Building trades unions came to play

I tallied $405,000 in contributions from construction unions to judicial candidates, mostly Democrats. The exception was Republican Superior Court candidate Christine Fizzano Cannon, who scored $80,000 in building trades contributions. She’s from Delaware County, where the trades and the Republican organization are tight.

Personal relationships matter

Pennsylvania Future Fund, the political action committee of Montgomery County Republican fundraising powerhouse Bob Asher, gave to several judicial candidates, as well as the state and many county Republican Party organizations. But the PAC’s donations to Commonwealth Court candidate Paul Lalley were eye-popping: more than $200,000 just since June.

Any particular reason?

“Yeah, I’m his finance chairman because his dad is my best friend, and his mom,” Asher told me. “We’ve known each other forever, and I knew Paul growing up. So when he asked me, I was honored to do that.”

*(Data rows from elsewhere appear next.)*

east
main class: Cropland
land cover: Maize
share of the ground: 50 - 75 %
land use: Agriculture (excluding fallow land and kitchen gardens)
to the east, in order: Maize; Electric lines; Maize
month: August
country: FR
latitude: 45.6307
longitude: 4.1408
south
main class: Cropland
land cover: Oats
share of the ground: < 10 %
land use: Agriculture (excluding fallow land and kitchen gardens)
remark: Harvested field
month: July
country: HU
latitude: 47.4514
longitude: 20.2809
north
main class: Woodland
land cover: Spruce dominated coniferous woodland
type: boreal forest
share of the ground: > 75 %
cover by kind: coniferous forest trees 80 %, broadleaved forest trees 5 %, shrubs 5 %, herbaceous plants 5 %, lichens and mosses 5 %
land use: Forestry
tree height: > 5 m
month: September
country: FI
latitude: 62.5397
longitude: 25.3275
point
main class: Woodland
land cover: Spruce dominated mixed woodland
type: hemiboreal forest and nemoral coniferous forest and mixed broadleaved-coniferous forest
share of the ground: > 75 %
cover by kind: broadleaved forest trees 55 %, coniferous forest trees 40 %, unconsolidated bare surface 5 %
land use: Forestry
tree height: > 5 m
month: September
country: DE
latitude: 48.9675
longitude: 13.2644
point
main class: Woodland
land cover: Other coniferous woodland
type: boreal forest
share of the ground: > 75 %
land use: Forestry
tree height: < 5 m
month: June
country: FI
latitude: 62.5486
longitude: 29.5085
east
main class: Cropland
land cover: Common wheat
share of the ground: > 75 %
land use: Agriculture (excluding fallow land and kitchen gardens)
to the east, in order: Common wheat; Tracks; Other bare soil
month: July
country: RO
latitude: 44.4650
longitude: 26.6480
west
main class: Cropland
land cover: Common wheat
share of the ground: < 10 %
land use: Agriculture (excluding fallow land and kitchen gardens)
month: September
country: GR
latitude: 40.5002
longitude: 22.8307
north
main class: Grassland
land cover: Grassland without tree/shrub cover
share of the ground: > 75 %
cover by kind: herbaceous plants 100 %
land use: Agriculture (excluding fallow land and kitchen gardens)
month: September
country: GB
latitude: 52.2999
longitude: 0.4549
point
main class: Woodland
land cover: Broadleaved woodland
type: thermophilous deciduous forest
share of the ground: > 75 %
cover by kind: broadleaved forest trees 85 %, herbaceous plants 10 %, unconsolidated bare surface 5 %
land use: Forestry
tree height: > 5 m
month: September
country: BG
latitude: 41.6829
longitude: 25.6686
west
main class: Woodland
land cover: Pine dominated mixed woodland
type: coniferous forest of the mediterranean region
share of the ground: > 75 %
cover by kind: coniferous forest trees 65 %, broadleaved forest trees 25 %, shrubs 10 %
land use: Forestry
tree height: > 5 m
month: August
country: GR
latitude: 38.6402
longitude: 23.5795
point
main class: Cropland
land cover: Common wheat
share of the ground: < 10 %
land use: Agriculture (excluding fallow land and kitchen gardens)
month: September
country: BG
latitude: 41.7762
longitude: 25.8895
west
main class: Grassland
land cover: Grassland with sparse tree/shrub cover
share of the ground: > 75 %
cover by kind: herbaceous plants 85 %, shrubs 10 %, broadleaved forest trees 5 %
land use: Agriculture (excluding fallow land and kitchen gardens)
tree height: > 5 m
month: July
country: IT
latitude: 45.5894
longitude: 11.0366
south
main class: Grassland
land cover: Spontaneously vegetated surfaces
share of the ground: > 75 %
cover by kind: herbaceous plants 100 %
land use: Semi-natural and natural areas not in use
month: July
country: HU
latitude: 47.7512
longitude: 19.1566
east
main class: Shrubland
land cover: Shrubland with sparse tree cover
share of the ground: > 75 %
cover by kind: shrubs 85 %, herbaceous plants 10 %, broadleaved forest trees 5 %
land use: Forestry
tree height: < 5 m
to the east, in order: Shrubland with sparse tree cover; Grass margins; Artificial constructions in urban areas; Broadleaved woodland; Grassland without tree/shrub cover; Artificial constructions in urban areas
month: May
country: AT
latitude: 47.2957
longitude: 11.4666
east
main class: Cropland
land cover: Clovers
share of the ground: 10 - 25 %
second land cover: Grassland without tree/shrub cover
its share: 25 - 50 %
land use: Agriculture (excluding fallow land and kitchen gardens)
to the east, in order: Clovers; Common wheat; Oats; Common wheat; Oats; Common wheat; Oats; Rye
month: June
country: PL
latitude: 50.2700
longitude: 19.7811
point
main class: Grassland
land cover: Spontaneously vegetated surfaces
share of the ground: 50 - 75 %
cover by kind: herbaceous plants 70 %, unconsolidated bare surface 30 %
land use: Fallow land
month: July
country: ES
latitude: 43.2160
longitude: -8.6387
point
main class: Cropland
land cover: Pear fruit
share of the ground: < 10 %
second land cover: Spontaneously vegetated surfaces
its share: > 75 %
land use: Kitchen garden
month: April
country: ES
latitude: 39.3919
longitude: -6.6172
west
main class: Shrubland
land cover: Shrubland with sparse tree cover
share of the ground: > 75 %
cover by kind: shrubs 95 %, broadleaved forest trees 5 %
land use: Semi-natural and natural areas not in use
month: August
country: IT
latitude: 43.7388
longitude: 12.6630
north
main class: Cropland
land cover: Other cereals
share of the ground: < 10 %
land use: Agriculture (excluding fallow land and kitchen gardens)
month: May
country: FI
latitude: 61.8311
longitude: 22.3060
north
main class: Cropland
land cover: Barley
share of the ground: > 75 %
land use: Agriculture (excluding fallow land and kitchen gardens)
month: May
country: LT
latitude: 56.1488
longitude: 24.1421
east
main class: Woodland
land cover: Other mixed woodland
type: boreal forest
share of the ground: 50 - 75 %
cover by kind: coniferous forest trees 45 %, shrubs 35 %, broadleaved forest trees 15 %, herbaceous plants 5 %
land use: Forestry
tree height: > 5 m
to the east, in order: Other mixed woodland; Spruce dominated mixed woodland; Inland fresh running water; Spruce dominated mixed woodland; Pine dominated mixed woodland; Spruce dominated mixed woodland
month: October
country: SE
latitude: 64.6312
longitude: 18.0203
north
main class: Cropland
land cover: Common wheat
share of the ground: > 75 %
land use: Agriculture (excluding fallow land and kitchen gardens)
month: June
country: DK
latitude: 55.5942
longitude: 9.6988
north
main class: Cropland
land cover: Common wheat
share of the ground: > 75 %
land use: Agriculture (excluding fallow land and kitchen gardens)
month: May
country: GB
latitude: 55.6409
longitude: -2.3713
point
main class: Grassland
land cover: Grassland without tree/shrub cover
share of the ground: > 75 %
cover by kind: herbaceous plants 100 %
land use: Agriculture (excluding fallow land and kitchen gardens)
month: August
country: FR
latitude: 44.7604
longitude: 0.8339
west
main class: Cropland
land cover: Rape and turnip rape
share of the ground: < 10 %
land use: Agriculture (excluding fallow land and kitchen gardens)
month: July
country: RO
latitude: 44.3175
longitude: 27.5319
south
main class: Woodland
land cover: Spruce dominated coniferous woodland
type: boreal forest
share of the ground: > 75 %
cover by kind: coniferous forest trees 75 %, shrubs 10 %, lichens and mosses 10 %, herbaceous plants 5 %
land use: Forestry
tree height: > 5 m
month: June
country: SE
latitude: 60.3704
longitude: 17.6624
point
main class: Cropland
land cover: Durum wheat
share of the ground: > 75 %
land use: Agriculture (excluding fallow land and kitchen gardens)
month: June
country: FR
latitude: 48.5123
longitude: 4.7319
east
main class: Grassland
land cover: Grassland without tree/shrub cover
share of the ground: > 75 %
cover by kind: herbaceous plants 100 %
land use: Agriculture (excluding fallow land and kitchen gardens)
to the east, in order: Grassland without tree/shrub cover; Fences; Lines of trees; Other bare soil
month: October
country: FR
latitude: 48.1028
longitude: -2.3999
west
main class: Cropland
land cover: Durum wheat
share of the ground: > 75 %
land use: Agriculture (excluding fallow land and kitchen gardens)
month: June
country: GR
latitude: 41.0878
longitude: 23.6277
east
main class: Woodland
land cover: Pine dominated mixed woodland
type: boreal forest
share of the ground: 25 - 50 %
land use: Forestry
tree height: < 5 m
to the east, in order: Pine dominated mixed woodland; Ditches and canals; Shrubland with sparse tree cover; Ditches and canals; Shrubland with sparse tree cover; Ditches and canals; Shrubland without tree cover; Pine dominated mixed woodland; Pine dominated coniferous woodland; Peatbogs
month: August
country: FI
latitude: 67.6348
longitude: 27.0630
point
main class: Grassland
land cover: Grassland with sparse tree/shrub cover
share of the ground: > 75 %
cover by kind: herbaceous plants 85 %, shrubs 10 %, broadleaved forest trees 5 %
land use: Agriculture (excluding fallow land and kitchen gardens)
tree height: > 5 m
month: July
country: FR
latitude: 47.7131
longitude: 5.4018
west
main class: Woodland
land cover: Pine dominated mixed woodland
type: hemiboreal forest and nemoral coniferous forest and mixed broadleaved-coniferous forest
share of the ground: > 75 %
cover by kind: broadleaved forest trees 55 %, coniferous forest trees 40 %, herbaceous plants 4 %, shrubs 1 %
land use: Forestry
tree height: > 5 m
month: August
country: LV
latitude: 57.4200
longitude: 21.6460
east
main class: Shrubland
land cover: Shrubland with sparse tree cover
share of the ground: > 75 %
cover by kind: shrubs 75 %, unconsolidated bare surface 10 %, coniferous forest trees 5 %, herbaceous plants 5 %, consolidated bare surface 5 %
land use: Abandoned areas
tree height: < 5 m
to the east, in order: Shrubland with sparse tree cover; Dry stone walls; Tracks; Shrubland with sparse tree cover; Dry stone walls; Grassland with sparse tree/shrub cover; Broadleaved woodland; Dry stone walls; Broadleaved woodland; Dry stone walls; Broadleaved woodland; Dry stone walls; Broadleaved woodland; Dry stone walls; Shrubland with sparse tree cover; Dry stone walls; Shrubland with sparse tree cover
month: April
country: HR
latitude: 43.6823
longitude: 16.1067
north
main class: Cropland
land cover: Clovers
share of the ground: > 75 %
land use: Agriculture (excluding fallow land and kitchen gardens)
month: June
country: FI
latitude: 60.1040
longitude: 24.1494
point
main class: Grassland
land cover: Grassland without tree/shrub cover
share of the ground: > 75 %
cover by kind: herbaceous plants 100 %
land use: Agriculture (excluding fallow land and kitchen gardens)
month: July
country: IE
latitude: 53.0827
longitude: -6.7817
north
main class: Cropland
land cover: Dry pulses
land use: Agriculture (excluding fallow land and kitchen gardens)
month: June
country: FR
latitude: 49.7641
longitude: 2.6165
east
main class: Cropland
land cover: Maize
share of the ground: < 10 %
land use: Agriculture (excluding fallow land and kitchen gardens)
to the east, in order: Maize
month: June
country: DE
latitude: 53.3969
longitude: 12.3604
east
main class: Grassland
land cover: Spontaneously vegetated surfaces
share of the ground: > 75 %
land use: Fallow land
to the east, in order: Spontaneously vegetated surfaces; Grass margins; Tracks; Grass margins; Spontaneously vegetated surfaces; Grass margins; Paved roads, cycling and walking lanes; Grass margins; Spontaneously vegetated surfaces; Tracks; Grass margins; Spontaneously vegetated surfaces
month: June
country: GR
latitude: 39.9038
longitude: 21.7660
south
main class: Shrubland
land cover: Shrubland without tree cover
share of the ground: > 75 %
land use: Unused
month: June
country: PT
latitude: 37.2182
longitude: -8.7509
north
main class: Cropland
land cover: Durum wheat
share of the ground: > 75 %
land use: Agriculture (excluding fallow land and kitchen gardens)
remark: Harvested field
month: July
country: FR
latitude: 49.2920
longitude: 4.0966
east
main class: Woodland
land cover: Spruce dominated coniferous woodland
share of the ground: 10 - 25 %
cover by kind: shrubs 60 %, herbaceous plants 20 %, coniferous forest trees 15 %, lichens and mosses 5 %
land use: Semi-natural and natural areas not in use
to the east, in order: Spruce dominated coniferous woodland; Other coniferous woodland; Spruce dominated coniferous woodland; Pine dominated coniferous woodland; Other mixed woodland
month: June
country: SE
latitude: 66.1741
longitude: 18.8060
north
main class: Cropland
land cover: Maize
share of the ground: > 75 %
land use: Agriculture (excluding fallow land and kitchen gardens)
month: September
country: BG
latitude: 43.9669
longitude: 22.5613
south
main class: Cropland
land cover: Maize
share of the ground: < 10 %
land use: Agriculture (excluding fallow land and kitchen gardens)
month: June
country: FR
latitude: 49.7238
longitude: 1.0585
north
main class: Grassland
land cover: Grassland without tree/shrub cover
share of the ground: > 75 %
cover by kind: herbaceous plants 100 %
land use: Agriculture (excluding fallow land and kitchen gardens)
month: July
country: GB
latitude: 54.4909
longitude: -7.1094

There’s a Democratic brownout for Supreme Court

Two years ago, Democrats dominated spending in a historic judicial election and captured three seats on the state Supreme Court. This year, Republican Mundy has outraised Democrat Woodruff by a 4-1 ratio.

Woodruff’s campaign manager Micah Sims told me there are a few reasons, including the trial lawyers donations (see above). But he said the slate of Democratic candidates has done well as a group, and they can rely on anti-Trump Democrats to turn out in force. (A new batch of 15-second TV ads begin with the phrase “Angry about Donald Trump?”)

It’s just us

There appears to be no major effort by national groups to mount independent expenditure campaigns for judicial candidates, though Politico reports the Republican National Committee has committed $50,000 for digital ads for judicial elections here. This is mostly a home-grown Pennsylvania battle.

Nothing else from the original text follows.